Daisy stared at the screen as if it had slapped her. She knew that her father had loved her. Hal loved her, too. He didn’t treat her like a child, just like… someone less than him, her mind whispered. Someone who wasn’t as smart or as important, someone whose opinion barely registered, and whose voice didn’t matter much. At least, not as much as his did.
She put her phone in her pocket and walked down the hall to knock on her daughter’s door. When Beatrice opened it, she said, “I need some help with the dishes.”
Beatrice looked startled. Usually, all Daisy asked was that Beatrice set the table and clear her own plate. The kitchen was Daisy’s domain, which made everything that happened there Daisy’s job. Hal had his work, and Beatrice had school, and she had pots and pans to scrub, floors to sweep, countertops to wipe. A home to make, for the two of them.

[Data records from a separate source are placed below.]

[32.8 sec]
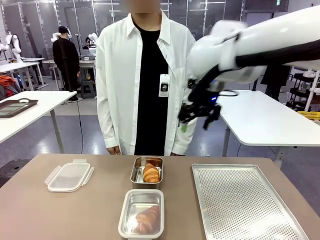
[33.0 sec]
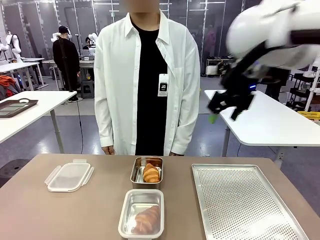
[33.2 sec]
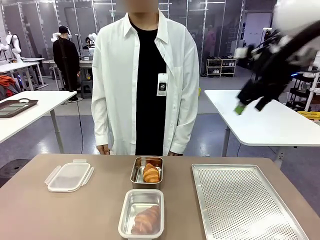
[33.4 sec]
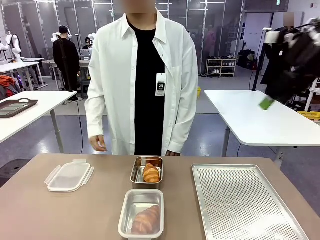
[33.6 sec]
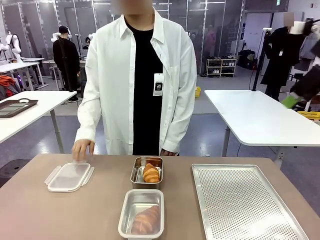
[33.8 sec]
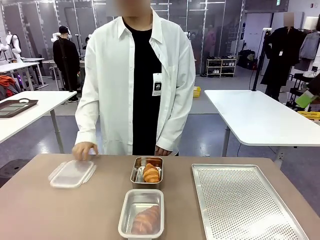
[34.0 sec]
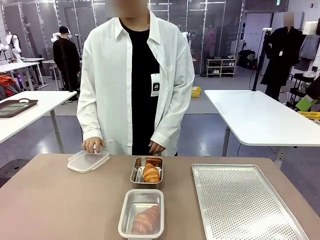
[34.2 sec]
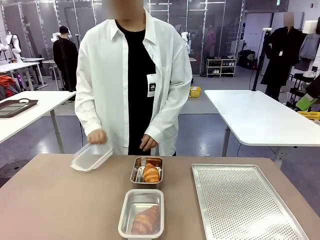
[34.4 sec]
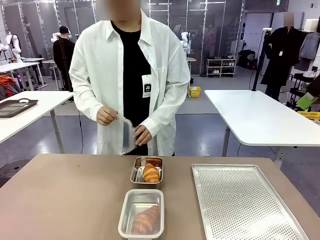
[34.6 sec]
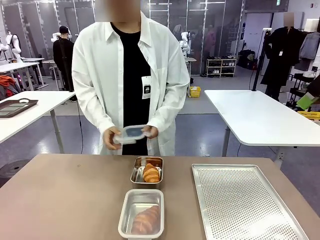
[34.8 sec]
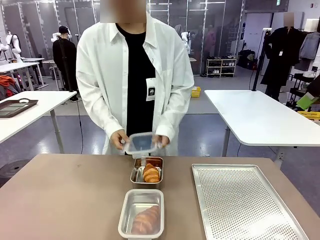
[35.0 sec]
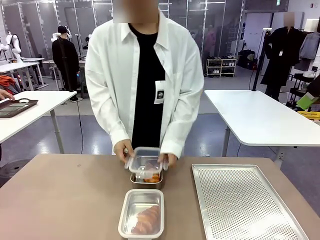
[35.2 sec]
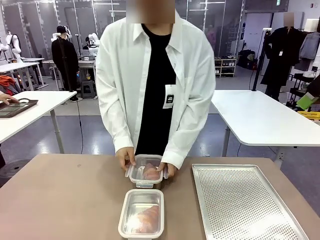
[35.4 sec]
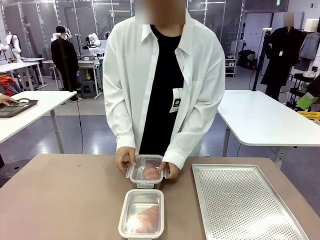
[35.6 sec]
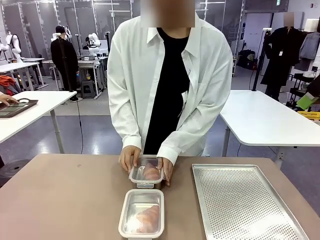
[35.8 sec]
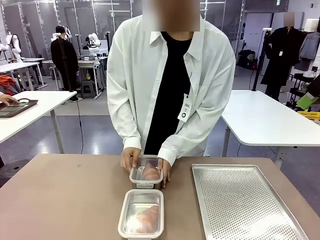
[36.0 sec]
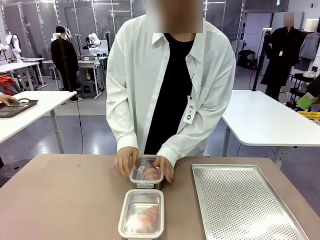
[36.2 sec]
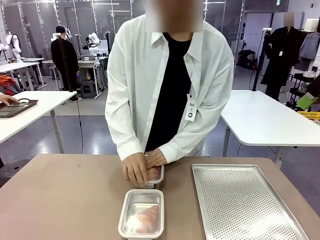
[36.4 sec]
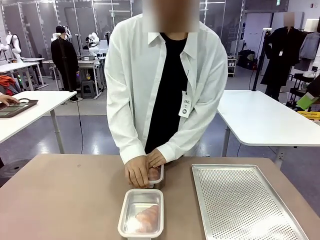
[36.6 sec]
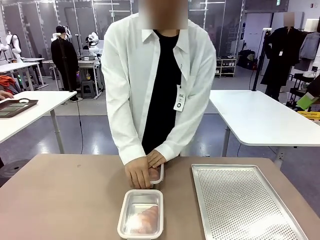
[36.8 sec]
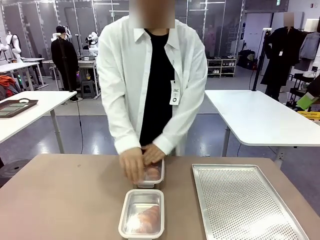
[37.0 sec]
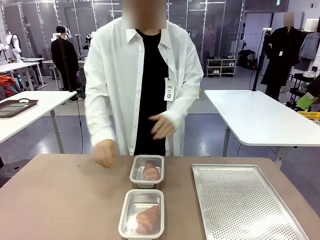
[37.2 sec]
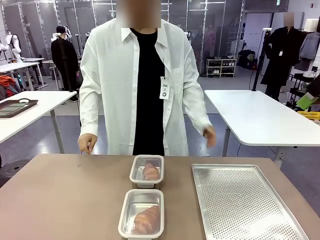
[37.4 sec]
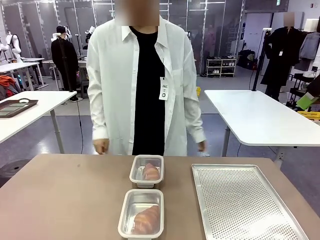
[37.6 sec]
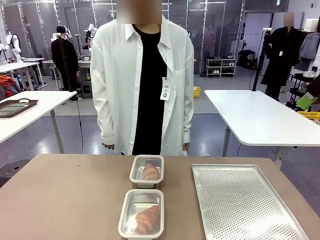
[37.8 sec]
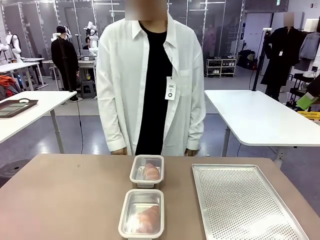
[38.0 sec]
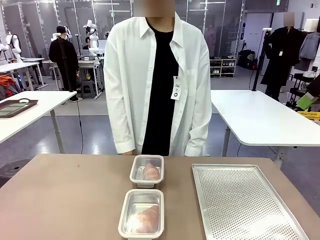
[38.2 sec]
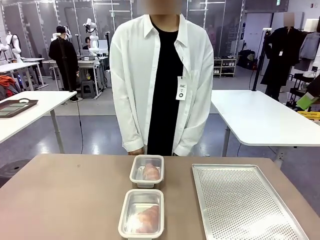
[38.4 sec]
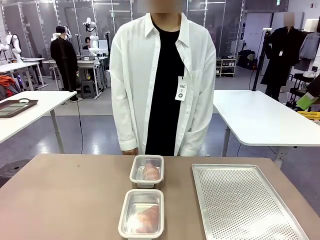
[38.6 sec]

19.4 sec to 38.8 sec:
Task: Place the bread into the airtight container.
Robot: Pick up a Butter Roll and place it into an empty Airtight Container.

“So, Nora leaves him in the end,” she said, as they walked down the stairs.
“What?”
“In the play. A Doll’s House.”
“That’s right.” Beatrice went to the sink. “She says she can’t be anyone’s wife or anyone’s mother until she knows who she is. She walks out of their house and closes the door behind. It’s this iconic moment. At least, that’s what our teacher said.”
“That’s very interesting.” Daisy’s voice was brittle. She bent over the dishwasher, feeling a great pressure on her chest, something bearing down on her, making it hard to breathe. “You’re growing up to be a very impressive young lady.”
Beatrice looked troubled. “Mom,” she said. “Why didn’t you finish college?”
Daisy thought she knew what Beatrice was fishing for: affirmation that her life would be fine with just a high-school diploma; permission to ignore Hal’s wishes. Even if Daisy agreed—and she wasn’t sure she did—she knew better than to say so. Hal would be furious.
“It was a long time ago,” she said. “And things were different.”
They finished cleaning the kitchen in silence. When Beatrice asked for permission to go back to her room and finish her homework, Daisy nodded. She turned off all the lights downstairs, making sure that the windows were latched and the doors were locked. In her bedroom, Hal had fallen asleep, with the television on and the remote on the bed beside him. Daisy turned off the TV. She put on her nightgown, washed her face, brushed her teeth, then went to the bed, where she lay on her back with her eyes open, as the clock ticked down the hours until morning.
Something is changing, she thought, as the sky beyond the window went from black to faintly gray. The house was quiet, except for Lester’s noisy snores and Hal’s quieter ones. Was it her? Was it Hal? Was it the world?
She lay awake on the bed, staring up at the ceiling, until it was six o’clock and her husband got up, quietly, to put on his running clothes, feigning sleep until she heard the front door open, and close. Then she lay there for another hour, wondering if she could continue to live like this, and, if not, what she was supposed to do next.
25
Beatrice
Normally, Beatrice hated it when her parents had dinner parties. She disliked the way they’d show her off, parading her around, introducing her to the guests, making her talk to strangers about her school or her soccer team or what books she was reading. She hated how her mom would get stressed and screechy, and how her dad would send Beatrice back upstairs to change her clothes if he disapproved of Beatrice’s outfit, saying, “You can express yourself three hundred and sixty days of the year, but for five days I get to pick.”
But what her mother had planned for Saturday night wasn’t exactly a dinner party; it was relatives: Beatrice’s grandfather and his lady friend, her grandmother and her grandma’s gentleman caller, her uncles Danny and Jesse, with just one new person coming over. And the new person was actually someone Beatrice liked—her mother’s new friend, Diana.
A few days after she’d cut school with Cade, she’d come home from school to find Diana and her mother cooking in the kitchen. They’d looked like birds: her mother, a plump brown wren, flitting and twittering around, picking up a pinch of this and a bit of that as she built her nest. Diana, meanwhile, looked like an eagle, imperious and watchful, hovering on the currents, peering at the scurrying rodents and rabbits below her, waiting to strike. Beatrice prepared for awkward questions about why she’d missed school and where she’d been, but instead, Diana looked her over appreciatively and said, “I love your hat. And your pin! It’s perfect.”